TASK PROMPT: Using the data below, return every line that holds the word "given".

THE DATA:
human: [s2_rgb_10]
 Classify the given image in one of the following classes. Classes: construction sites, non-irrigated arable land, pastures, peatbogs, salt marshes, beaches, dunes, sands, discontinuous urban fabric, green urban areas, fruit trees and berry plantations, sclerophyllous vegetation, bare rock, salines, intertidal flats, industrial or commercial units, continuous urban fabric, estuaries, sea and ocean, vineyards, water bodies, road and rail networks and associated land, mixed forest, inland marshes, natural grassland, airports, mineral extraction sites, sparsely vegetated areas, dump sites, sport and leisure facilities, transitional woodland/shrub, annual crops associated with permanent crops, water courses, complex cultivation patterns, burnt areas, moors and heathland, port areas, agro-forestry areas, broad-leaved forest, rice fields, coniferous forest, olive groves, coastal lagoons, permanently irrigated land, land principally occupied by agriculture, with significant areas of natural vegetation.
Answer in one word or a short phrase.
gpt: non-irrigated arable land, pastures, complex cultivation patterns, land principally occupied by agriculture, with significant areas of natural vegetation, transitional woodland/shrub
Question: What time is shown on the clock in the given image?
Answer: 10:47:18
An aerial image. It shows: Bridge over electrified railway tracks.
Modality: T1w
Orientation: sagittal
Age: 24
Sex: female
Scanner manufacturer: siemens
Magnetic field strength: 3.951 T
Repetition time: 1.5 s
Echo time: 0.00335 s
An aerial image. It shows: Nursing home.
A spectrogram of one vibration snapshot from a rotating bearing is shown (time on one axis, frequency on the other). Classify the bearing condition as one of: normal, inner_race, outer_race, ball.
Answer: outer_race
* * *
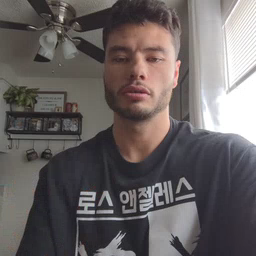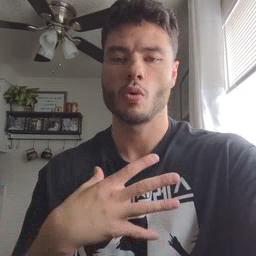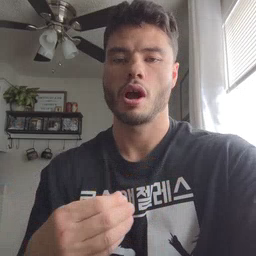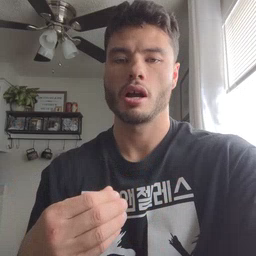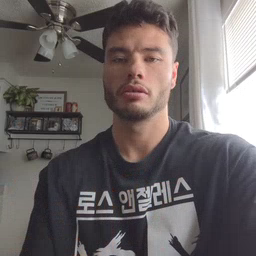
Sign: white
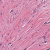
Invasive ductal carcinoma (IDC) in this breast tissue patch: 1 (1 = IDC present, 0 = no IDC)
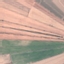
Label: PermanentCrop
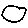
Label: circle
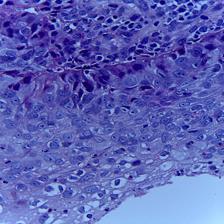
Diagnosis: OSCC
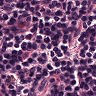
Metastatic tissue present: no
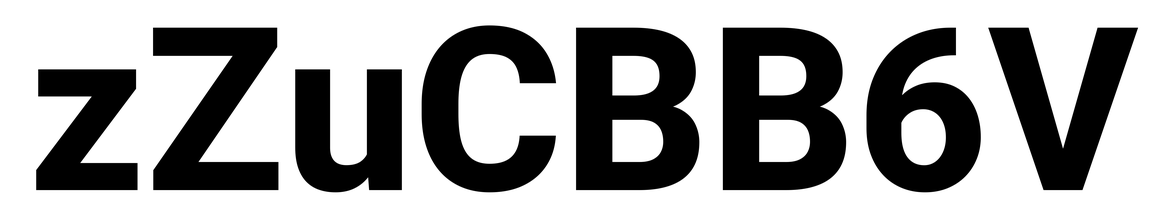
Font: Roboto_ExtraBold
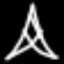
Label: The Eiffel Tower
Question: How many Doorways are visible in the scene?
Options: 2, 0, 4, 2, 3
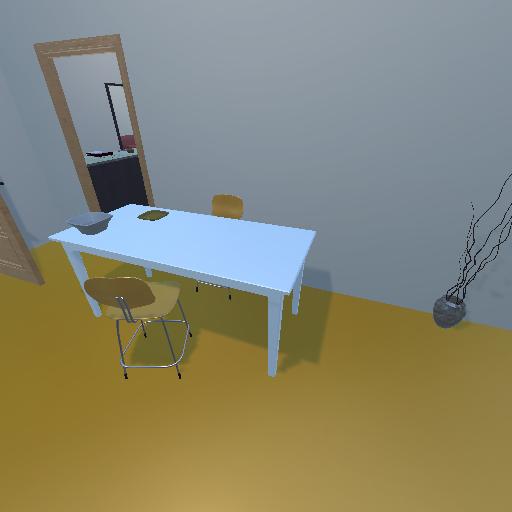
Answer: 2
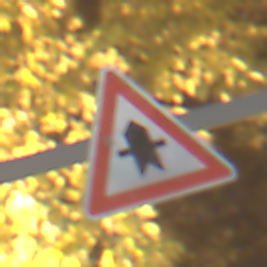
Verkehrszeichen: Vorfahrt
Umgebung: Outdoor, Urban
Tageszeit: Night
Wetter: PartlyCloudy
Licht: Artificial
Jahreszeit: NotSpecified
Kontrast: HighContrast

TASK RESPONSE:
 Classify the given image in one of the following classes. Classes: construction sites, non-irrigated arable land, pastures, peatbogs, salt marshes, beaches, dunes, sands, discontinuous urban fabric, green urban areas, fruit trees and berry plantations, sclerophyllous vegetation, bare rock, salines, intertidal flats, industrial or commercial units, continuous urban fabric, estuaries, sea and ocean, vineyards, water bodies, road and rail networks and associated land, mixed forest, inland marshes, natural grassland, airports, mineral extraction sites, sparsely vegetated areas, dump sites, sport and leisure facilities, transitional woodland/shrub, annual crops associated with permanent crops, water courses, complex cultivation patterns, burnt areas, moors and heathland, port areas, agro-forestry areas, broad-leaved forest, rice fields, coniferous forest, olive groves, coastal lagoons, permanently irrigated land, land principally occupied by agriculture, with significant areas of natural vegetation.
Question: What time is shown on the clock in the given image?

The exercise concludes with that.